Segment Start: SUPPLIED RECORDS

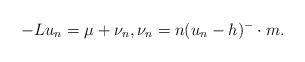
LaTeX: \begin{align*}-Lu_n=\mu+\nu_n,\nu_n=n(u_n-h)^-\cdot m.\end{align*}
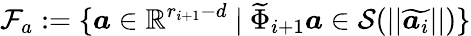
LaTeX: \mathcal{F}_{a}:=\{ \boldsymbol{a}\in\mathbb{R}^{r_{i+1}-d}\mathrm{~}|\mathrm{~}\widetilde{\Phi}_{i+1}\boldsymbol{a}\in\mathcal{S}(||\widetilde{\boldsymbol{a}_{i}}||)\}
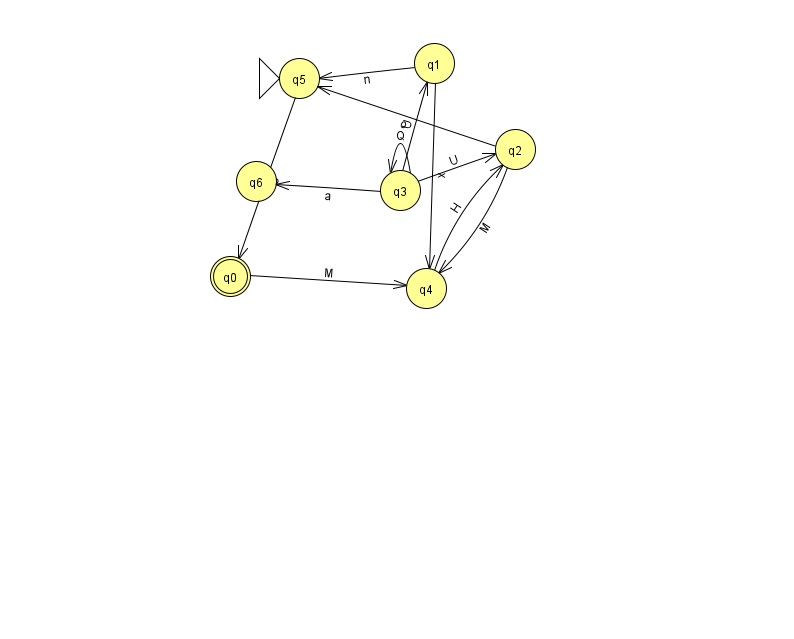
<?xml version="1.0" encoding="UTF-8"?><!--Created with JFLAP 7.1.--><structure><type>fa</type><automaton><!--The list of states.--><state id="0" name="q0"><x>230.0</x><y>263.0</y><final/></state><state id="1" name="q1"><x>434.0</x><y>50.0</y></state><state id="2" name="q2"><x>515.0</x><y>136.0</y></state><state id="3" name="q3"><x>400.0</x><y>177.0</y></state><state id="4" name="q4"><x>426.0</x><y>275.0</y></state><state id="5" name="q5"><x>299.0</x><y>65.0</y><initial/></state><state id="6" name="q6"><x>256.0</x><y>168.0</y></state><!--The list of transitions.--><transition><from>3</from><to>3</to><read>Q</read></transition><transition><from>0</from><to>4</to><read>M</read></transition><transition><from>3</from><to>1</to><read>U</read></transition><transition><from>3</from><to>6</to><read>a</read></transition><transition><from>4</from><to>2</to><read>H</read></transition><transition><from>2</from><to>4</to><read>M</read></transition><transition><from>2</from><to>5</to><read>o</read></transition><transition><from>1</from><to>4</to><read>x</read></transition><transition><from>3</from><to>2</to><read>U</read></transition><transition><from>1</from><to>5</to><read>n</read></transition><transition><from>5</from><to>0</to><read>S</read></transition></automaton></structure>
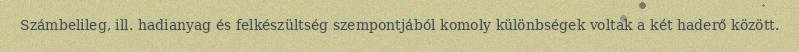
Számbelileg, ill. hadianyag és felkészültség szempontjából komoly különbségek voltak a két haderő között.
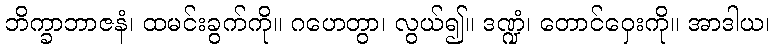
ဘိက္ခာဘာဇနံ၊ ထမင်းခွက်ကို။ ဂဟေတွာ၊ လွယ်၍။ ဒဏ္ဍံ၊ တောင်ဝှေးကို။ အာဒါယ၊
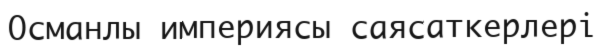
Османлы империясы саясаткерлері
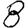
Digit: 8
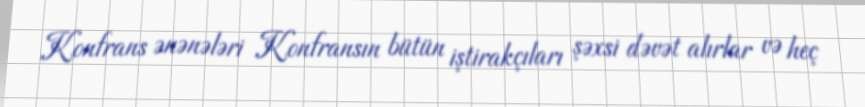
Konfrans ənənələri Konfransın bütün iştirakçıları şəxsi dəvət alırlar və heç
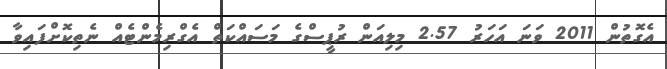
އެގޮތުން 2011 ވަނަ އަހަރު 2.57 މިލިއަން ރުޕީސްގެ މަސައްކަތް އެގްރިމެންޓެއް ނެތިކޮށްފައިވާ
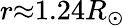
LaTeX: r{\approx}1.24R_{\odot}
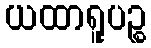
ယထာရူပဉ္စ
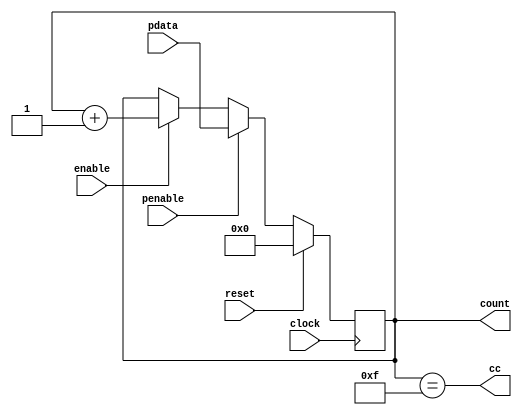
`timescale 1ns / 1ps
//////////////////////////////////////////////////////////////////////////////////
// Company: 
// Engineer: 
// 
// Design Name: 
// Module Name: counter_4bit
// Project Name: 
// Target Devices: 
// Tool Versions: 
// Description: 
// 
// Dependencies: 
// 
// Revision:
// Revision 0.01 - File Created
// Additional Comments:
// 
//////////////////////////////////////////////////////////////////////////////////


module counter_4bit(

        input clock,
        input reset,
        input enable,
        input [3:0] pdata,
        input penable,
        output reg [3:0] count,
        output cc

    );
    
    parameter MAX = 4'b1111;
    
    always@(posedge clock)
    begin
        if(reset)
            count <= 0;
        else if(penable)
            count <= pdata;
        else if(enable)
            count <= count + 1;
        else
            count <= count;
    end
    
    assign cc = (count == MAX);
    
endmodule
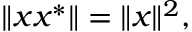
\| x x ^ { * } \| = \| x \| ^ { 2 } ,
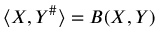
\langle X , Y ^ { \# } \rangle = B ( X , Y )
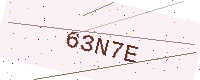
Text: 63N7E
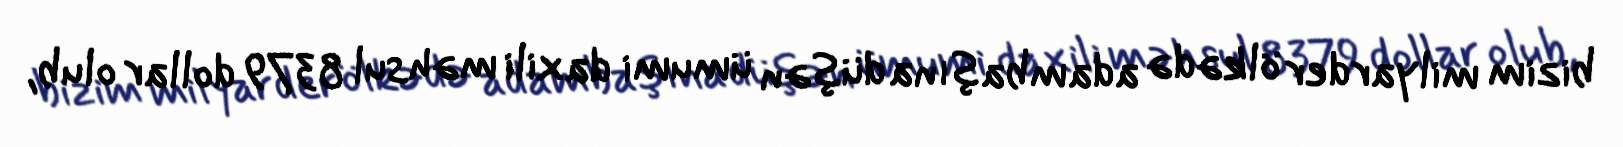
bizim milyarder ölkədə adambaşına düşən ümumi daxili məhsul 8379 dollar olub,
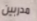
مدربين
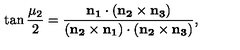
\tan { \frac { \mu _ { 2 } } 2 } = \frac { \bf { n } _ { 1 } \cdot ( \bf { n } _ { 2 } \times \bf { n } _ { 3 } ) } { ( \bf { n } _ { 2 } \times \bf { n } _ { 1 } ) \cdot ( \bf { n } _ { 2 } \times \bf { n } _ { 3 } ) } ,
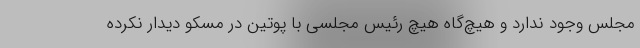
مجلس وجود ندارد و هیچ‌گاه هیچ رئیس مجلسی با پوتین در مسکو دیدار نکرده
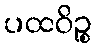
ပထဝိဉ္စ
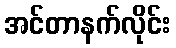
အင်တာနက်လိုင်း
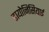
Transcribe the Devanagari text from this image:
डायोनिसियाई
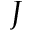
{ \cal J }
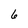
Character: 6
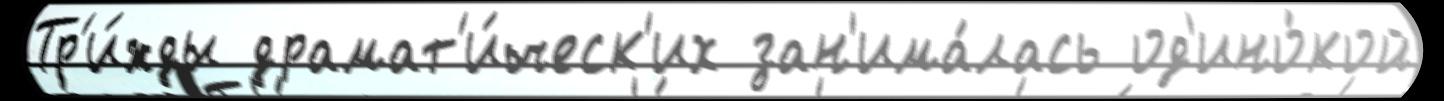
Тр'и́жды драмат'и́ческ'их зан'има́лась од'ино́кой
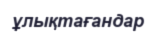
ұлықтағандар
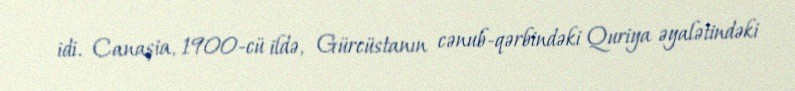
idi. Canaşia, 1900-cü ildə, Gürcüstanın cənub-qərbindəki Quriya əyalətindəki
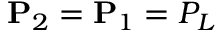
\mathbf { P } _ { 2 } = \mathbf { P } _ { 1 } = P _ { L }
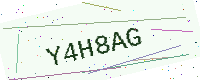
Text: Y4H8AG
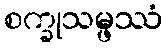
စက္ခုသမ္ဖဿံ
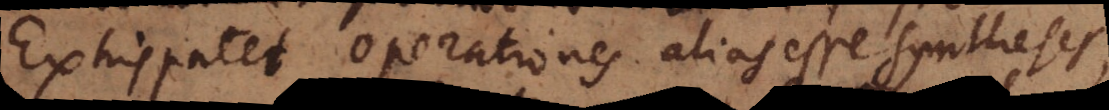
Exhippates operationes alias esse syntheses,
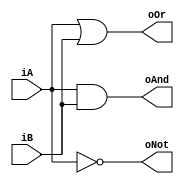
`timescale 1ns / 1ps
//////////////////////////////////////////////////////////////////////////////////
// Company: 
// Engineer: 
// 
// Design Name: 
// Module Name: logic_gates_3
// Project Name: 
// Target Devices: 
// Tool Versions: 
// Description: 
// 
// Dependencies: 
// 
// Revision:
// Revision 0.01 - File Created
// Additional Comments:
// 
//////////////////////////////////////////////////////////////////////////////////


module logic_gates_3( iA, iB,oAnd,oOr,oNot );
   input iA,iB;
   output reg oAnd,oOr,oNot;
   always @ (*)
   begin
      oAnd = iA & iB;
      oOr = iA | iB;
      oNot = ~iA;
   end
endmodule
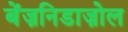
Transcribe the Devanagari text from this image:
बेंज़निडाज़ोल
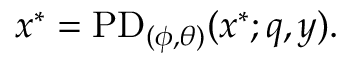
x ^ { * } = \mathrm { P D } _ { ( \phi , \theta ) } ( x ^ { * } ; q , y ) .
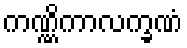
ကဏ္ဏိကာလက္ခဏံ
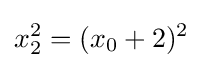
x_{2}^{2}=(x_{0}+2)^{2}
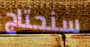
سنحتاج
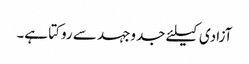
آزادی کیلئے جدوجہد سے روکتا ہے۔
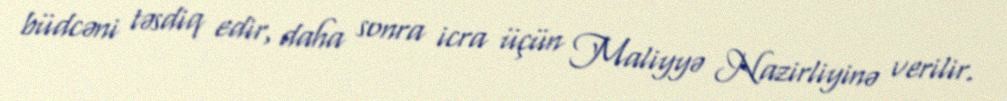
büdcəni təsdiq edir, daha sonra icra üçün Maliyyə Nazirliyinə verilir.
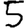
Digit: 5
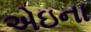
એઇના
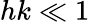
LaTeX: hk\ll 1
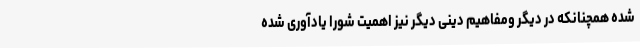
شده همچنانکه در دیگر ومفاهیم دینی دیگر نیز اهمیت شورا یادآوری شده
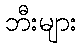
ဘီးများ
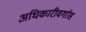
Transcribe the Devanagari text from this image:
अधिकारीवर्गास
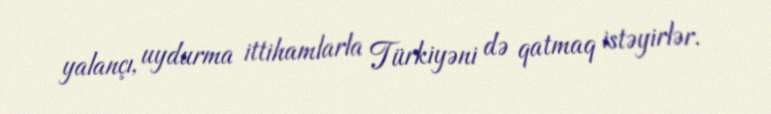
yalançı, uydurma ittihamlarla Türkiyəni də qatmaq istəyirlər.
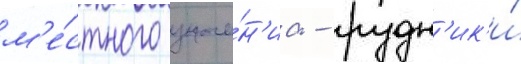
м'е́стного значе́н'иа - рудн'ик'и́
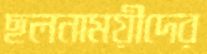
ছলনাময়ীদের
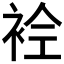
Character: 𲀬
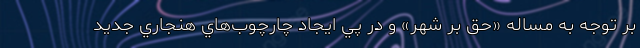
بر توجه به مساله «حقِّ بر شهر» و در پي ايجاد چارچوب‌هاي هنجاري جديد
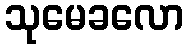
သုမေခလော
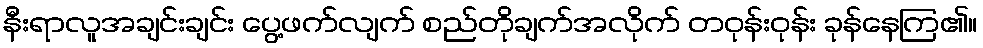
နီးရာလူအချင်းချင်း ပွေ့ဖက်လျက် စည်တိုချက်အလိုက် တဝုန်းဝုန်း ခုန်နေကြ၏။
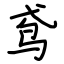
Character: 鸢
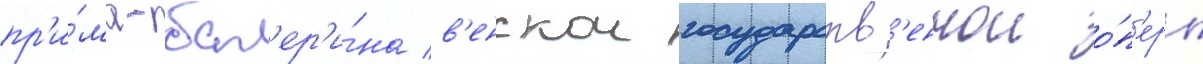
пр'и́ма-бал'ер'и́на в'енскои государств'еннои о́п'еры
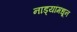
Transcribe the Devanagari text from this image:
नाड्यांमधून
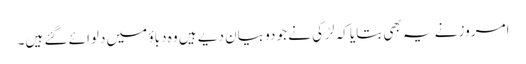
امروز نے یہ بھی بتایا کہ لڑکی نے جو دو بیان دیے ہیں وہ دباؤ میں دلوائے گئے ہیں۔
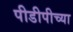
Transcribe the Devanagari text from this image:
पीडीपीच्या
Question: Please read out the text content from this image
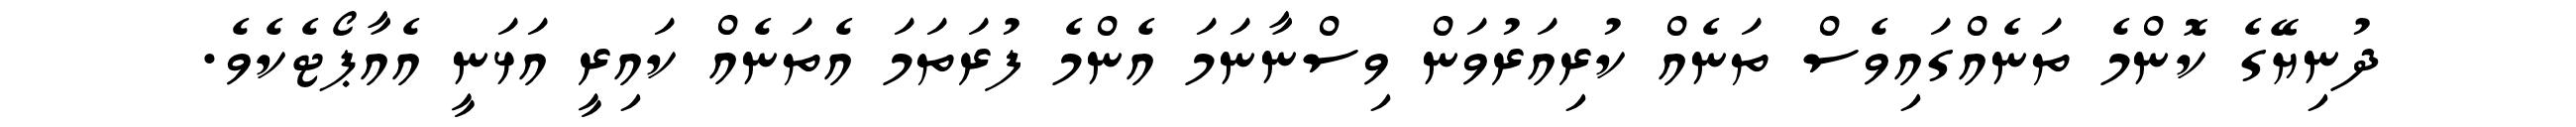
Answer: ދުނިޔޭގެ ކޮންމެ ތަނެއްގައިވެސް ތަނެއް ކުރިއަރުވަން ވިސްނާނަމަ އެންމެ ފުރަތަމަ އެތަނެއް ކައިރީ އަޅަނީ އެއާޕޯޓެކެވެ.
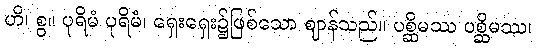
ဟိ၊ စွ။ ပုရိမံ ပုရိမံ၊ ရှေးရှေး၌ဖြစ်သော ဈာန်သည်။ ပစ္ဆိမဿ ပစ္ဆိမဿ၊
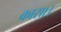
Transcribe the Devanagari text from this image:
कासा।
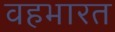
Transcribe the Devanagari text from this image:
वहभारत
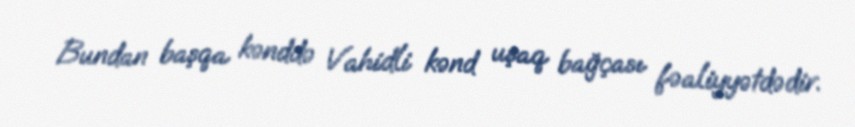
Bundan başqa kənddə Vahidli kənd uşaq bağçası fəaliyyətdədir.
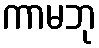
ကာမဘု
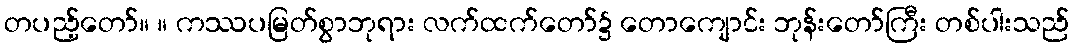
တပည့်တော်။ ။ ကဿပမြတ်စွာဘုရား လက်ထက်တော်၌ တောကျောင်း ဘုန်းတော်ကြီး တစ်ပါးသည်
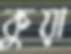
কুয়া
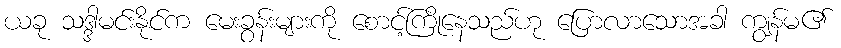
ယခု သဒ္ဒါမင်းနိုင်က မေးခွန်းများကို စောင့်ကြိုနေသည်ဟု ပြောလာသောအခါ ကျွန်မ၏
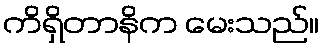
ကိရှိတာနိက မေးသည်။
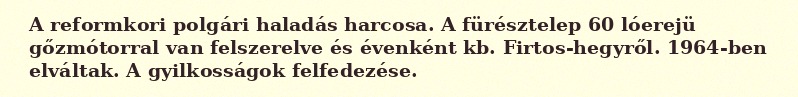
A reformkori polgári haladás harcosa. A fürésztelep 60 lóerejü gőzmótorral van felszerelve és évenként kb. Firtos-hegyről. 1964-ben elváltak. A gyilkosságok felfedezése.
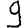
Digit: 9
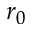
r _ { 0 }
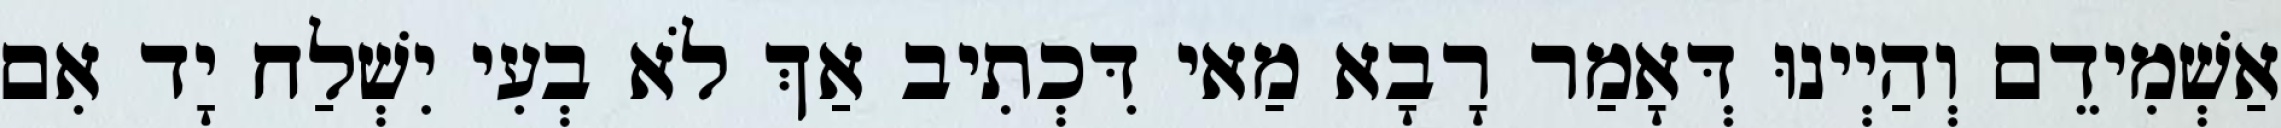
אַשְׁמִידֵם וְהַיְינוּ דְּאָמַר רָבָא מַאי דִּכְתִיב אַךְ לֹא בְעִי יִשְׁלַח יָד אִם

Segment End: SUPPLIED RECORDS

TASK TO COMPLETE »
Find the line holding "ကိရှိတာနိက မေးသည်။" in the data above. Retype it and every later line exactly, through the end, but not the pictures.

SOLUTION FOR THIS EXERCISE »
ကိရှိတာနိက မေးသည်။
A reformkori polgári haladás harcosa. A fürésztelep 60 lóerejü gőzmótorral van felszerelve és évenként kb. Firtos-hegyről. 1964-ben elváltak. A gyilkosságok felfedezése.
Digit: 9
r _ { 0 }
אַשְׁמִידֵם וְהַיְינוּ דְּאָמַר רָבָא מַאי דִּכְתִיב אַךְ לֹא בְעִי יִשְׁלַח יָד אִם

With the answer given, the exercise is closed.